%%
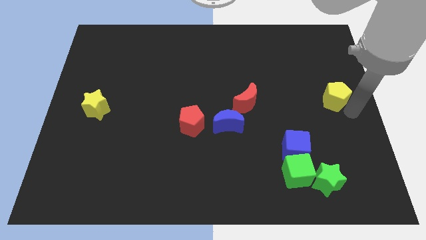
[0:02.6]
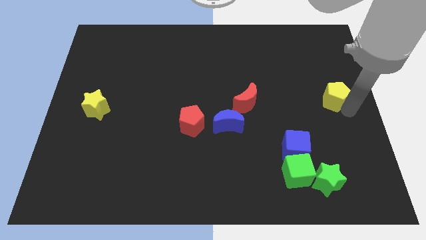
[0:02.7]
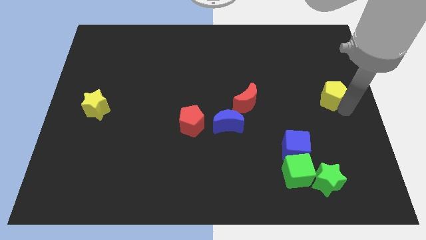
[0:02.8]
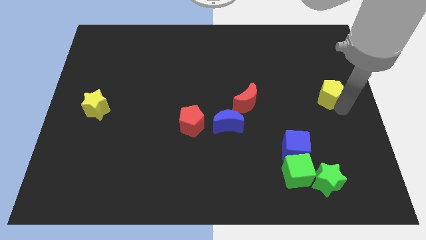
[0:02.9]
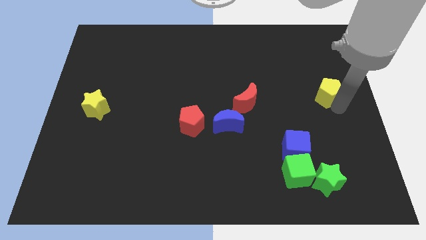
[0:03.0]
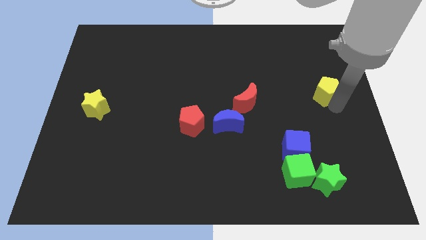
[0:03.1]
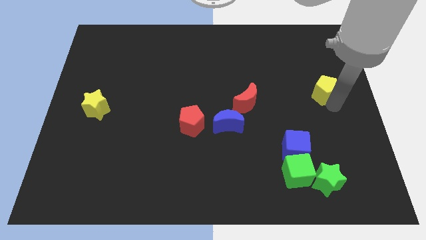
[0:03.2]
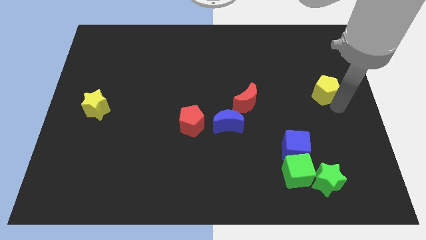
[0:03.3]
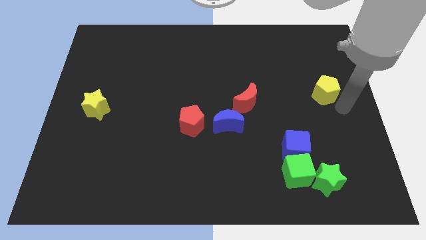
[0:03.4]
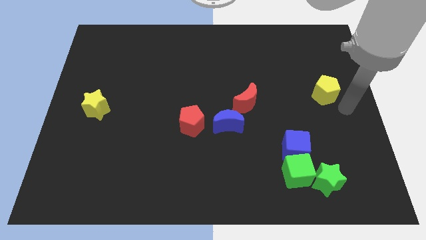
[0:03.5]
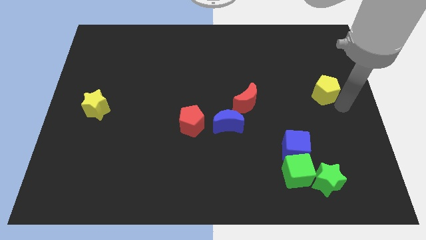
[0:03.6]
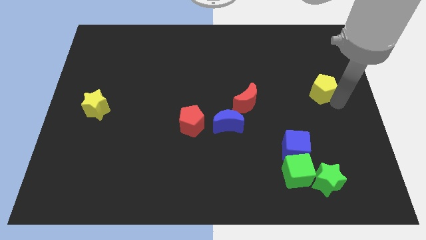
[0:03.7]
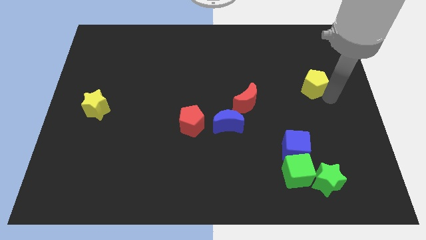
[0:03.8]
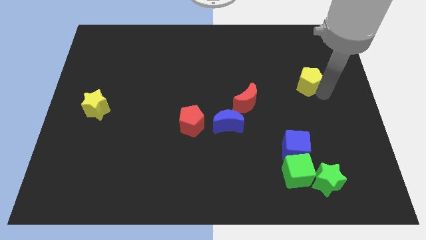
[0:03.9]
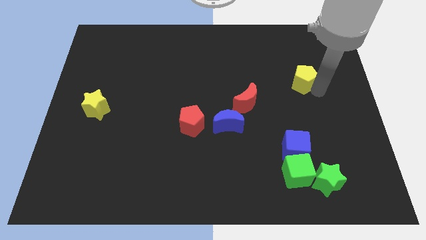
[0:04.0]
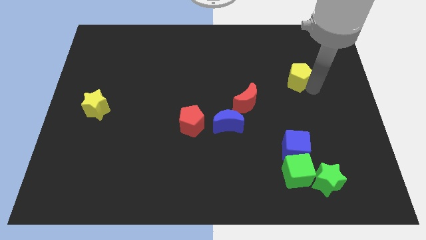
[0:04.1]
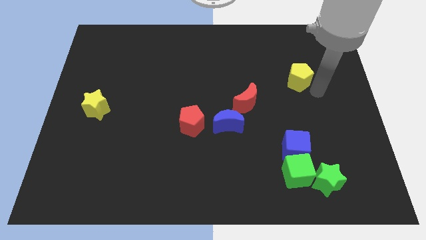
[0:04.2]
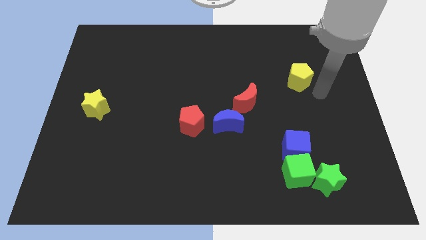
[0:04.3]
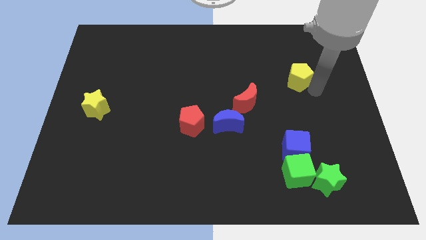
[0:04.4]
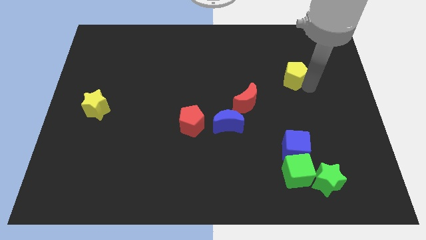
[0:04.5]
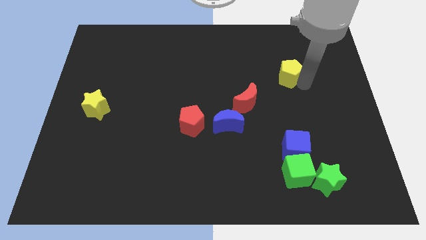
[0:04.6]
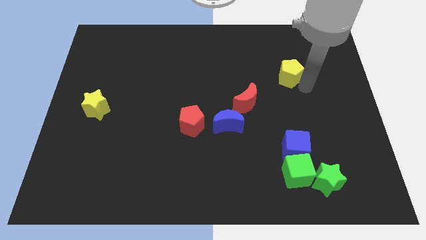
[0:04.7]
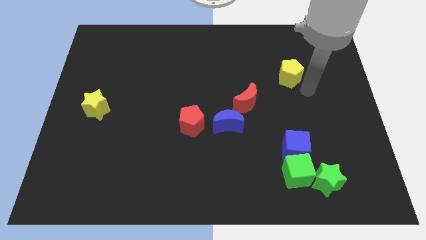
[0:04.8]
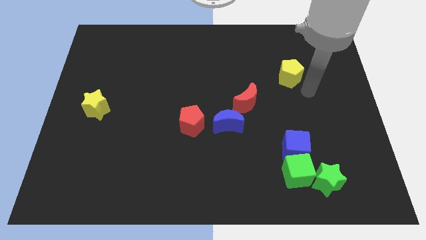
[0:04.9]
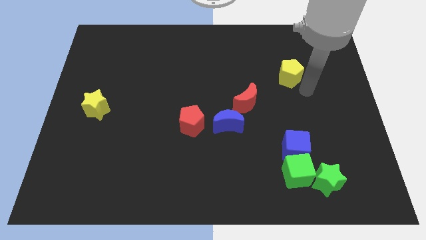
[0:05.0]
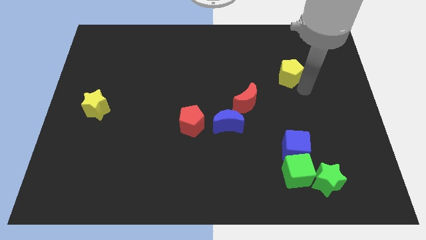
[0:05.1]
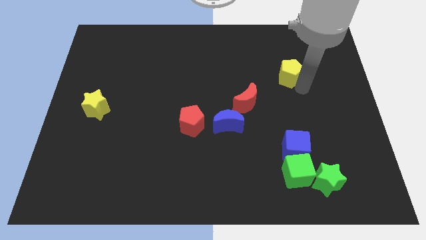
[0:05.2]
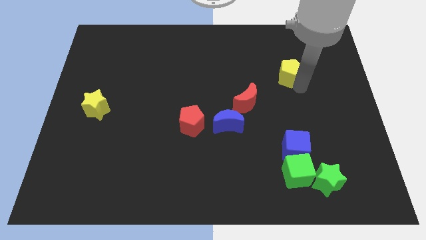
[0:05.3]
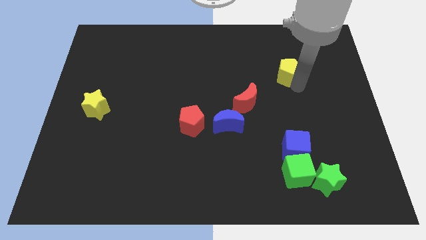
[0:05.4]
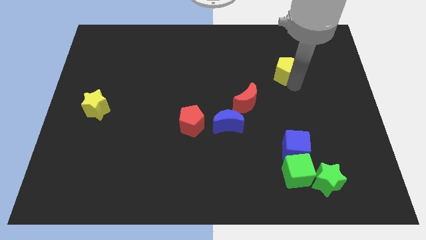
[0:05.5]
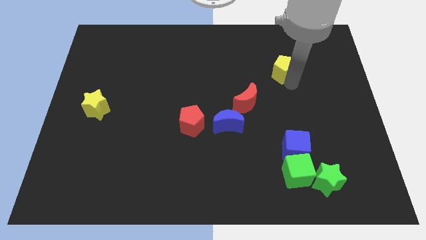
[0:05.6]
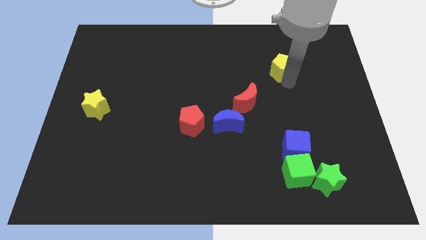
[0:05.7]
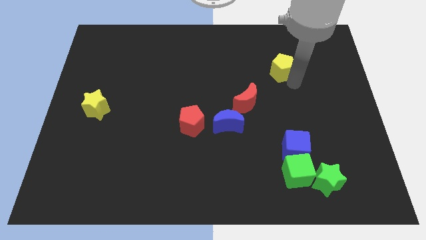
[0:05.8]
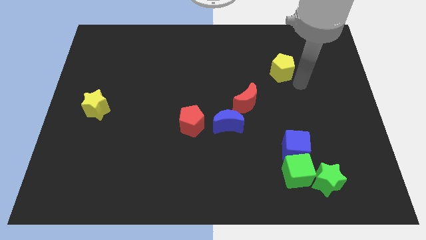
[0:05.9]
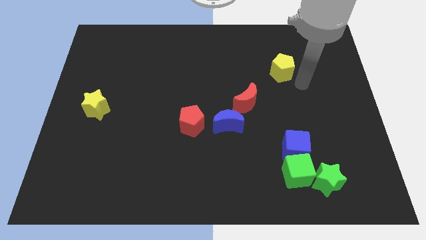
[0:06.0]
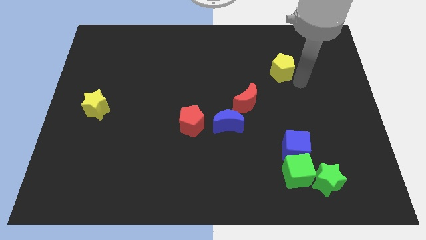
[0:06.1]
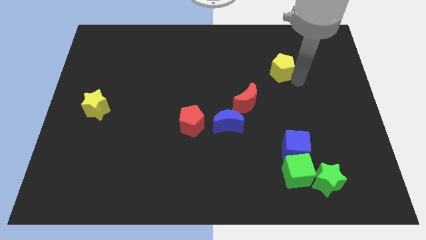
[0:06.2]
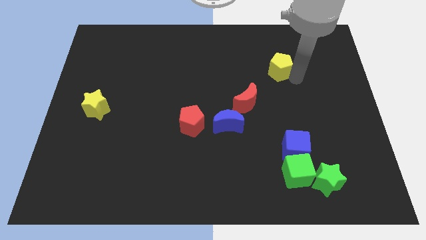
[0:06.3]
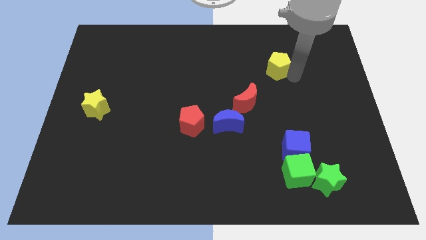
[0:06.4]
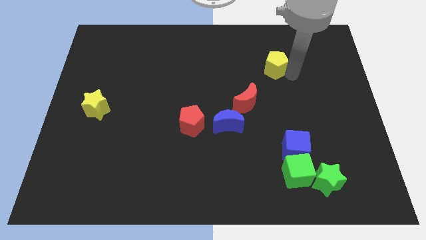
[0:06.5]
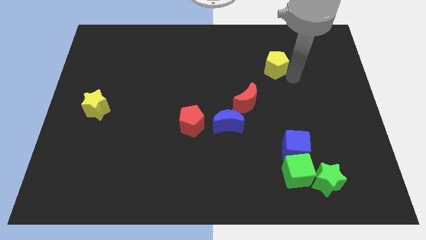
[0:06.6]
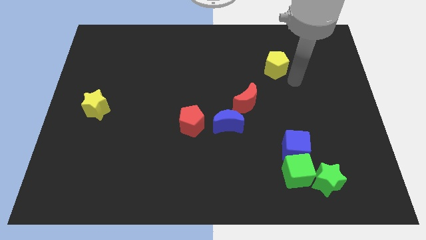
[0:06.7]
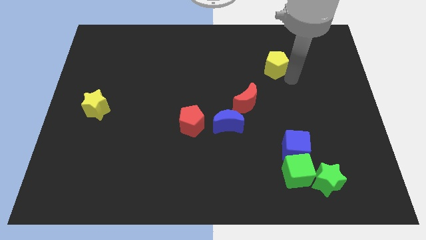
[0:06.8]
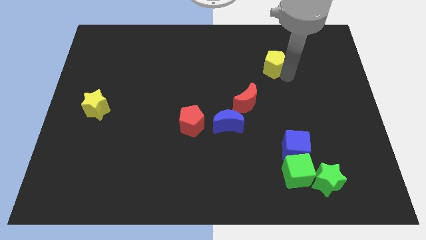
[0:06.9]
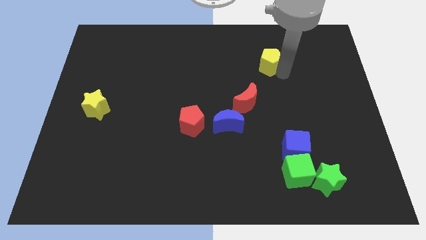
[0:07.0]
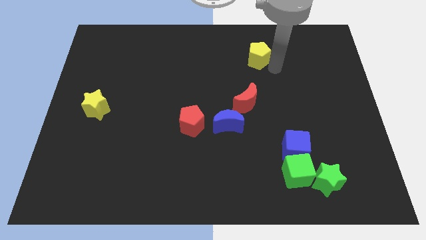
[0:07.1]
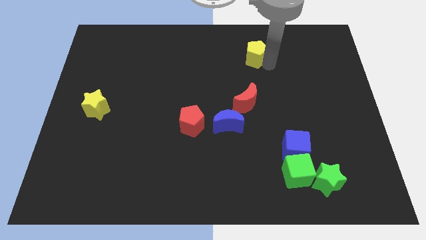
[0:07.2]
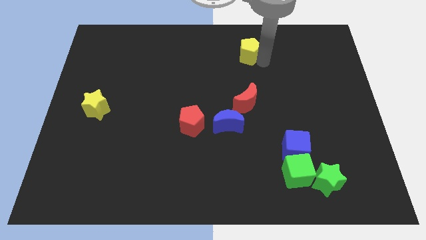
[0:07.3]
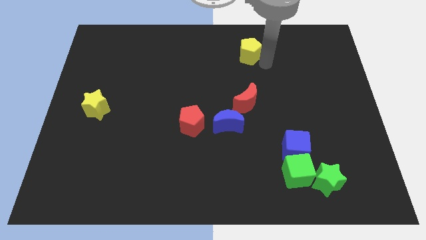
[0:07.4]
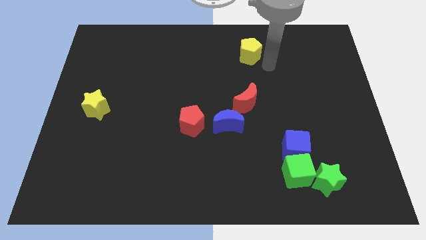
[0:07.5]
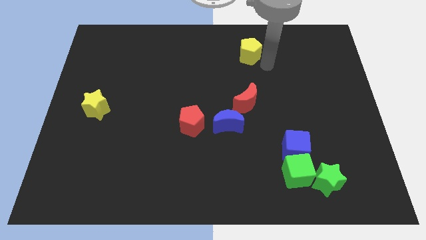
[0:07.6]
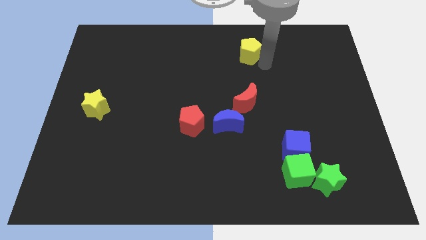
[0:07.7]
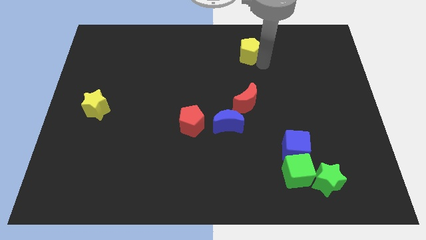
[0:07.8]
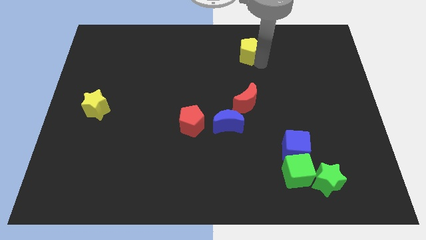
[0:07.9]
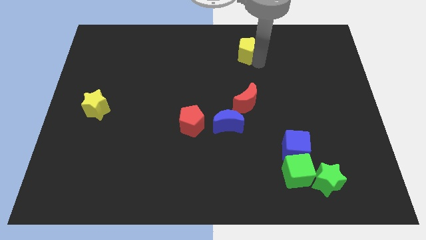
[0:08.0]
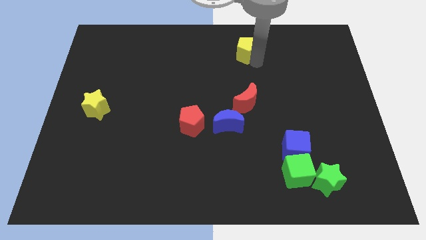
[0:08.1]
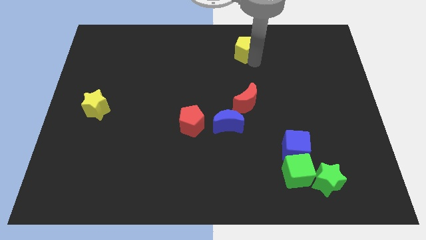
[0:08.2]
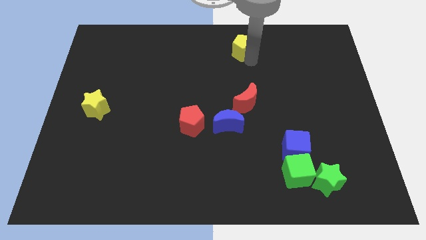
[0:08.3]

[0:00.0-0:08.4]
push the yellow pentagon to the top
%%
● How to complete this task
Write the records above out again word for word, skipping each picture.

● Expected answer
[0:02.6]
[0:02.7]
[0:02.8]
[0:02.9]
[0:03.0]
[0:03.1]
[0:03.2]
[0:03.3]
[0:03.4]
[0:03.5]
[0:03.6]
[0:03.7]
[0:03.8]
[0:03.9]
[0:04.0]
[0:04.1]
[0:04.2]
[0:04.3]
[0:04.4]
[0:04.5]
[0:04.6]
[0:04.7]
[0:04.8]
[0:04.9]
[0:05.0]
[0:05.1]
[0:05.2]
[0:05.3]
[0:05.4]
[0:05.5]
[0:05.6]
[0:05.7]
[0:05.8]
[0:05.9]
[0:06.0]
[0:06.1]
[0:06.2]
[0:06.3]
[0:06.4]
[0:06.5]
[0:06.6]
[0:06.7]
[0:06.8]
[0:06.9]
[0:07.0]
[0:07.1]
[0:07.2]
[0:07.3]
[0:07.4]
[0:07.5]
[0:07.6]
[0:07.7]
[0:07.8]
[0:07.9]
[0:08.0]
[0:08.1]
[0:08.2]
[0:08.3]

[0:00.0-0:08.4]
push the yellow pentagon to the top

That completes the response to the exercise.